I AM A poet and an essayist, a teacher of writing and a father of five children, who visit like rare birds these days, and I live with my partner and two spaniels and a cat along the Wingecarribee River (one of its many much debated spellings) on Gundungurra land, country never ceded, 125 kilometres south-west of what is now mostly called Sydney, which sits on the stolen ground of the Gadigal. I am, as far as I know, a non-­Indigenous Australian man, a fifth-­generation descendant of Cornish and German immigrants. They settled land that was not theirs to settle, though that’s not what they were told; I live on land to which nothing but love gives me any kind of title, and I own none of it. Who can afford to own it anyway these days, even if one felt one had the right?
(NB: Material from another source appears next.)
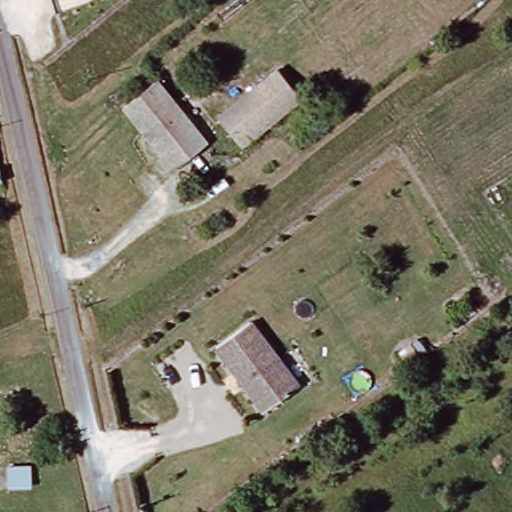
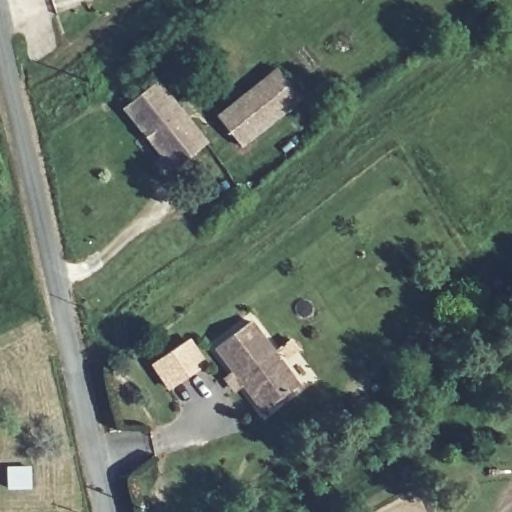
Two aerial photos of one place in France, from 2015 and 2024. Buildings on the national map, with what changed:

I write and talk constantly about place and places. My doctoral work considered the nature of nature writing; my book The Blue Plateau, which my publishers have recently let fall out of print in Australia (though it is still in print in the US),is an instance of that genre, a landscape memoir of the dissected sandstone plateau country around Katoomba. Across the five collections of poetry I’ve published to date – Fire Diary, Bluewren Cantos, A Gathered Distance, Walking Underwater, A Beginner’s Guide – there is barely a poem in which a fire has not wanted to start, a bird to fly, or a river to run. Land is an article of my lyric faith.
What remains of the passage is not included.